Finance ministers and central bankers from the Group of Seven major industrial countries also planned to try to settle differences Saturday on banking industry changes. There are fears that go-it-alone action such as President Barack Obama's plan to break up big banks will further hamper the world's fledging economic recovery.

Canadian Finance Minister Jim Flaherty hoped his choice of the remote town of Iqaluit, population 7,000, where temperatures can dip to 40 degrees below zero in February, would make officials focus on the task ahead.

The US was represented by Treasury Secretary Timothy Geithner and Federal Reserve Chairman Ben Bernanke. The G7 consists of the US, Japan, Germany, Britain, France, Italy and Canada.
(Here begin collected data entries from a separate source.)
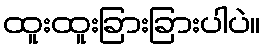
ထူးထူးခြားခြားပါပဲ။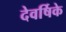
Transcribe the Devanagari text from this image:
देवर्षिके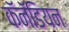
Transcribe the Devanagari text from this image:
कॅनॅडियन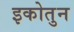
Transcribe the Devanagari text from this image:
इकोतुन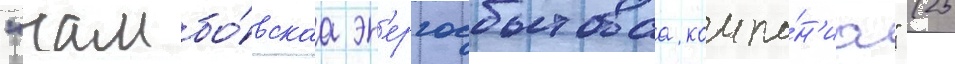
"тамбо́вскаа эн'ергосбытоваа компа́н'иа" (25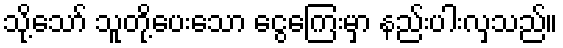
သို့သော် သူတို့ပေးသော ငွေကြေးမှာ နည်းပါးလှသည်။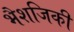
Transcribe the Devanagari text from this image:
भैशजिकी

The agenda today included developments in the global economy, banking reform and proposals for more debt relief for Haiti as it recovers from a devastating earthquake.

The situation in Europe provided a sobering reminder that G7 policymakers still face major hurdles in repairing a broken global economy.

The Portuguese parliament's defeat of a government austerity plan on Friday triggered renewed concerns that it and other eurozone countries such as Greece and Spain were having trouble tightening controls to manage their budget deficits. That could threaten the economic recovery in Europe.

Stocks fell in Asia and Europe, while the Dow Jones industrial average clawed back to a small gain after suffering the largest single-day drop in seven months, on worries about the global economy.

"I think we have to be very mindful of the failure or potential failure of domestic economies," Flaherty told reporters.

On banking reform, the other G7 countries were expected to press Geithner to explain the announcement by Obama last month that the US would seek tougher rules to prevent risky actions by big banks from toppling the entire financial system.

Chancellor Alistair Darling has led calls for more co-ordinated action. He has said the US proposal does not address the biggest threat - the links between banks that can quickly transmit loan troubles at one institution to the entire system.

Flaherty said G7 countries agreed on the need to continue with government stimulus programs to prevent the world from plunging back into recession. But Germany and France have expressed concern about how long stimulus aid should be maintained. They worry about soaring budget deficits and the risk of inflation.

Obama presented a budget plan this past week that would boost job-creation efforts and raise the US budget deficit to a record 1.56 trillion dollars this year. Prime Minister Gordon Brown is also stressing government stimulus even though critics point out that the country's budget deficit as a share of its gross domestic product could reach 12% this year.

In Japan, where the economy has struggled for two decades, the government unveiled more stimulus spending last week.